**Problem statement**
Go through the records below line by line, counting those that contain the word "genre"; answer with the count only.
(Provided material begins)
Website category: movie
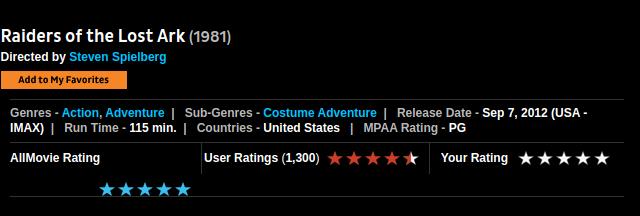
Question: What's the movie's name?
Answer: Raiders of the Lost Ark

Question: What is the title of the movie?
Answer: Raiders of the Lost Ark

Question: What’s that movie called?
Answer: Raiders of the Lost Ark

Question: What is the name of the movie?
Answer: Raiders of the Lost Ark

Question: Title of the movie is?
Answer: Raiders of the Lost Ark

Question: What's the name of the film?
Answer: Raiders of the Lost Ark

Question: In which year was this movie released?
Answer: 1981

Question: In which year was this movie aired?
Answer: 1981

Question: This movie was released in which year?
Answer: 1981

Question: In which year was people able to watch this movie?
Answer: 1981

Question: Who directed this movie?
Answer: Steven Spielberg

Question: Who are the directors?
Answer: Steven Spielberg

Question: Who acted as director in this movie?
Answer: Steven Spielberg

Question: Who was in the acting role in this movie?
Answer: Steven Spielberg

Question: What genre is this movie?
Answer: Action , Adventure

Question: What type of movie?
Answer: Action , Adventure

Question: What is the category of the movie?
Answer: Action , Adventure

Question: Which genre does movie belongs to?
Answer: Action , Adventure

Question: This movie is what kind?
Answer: Action , Adventure

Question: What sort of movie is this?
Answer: Action , Adventure

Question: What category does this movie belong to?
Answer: Action , Adventure

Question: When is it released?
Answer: Sep 7, 2012 (USA - IMAX)

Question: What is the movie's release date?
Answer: Sep 7, 2012 (USA - IMAX)

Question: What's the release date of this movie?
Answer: Sep 7, 2012 (USA - IMAX)

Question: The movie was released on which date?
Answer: Sep 7, 2012 (USA - IMAX)

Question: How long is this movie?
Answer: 115 min.

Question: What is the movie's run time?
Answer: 115 min.

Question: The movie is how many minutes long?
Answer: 115 min.

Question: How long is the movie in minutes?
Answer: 115 min.

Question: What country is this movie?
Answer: United States

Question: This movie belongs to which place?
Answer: United States

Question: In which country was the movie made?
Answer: United States

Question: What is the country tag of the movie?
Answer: United States

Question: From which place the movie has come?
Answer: United States
(Provided material ends)
**Answer to the problem**
2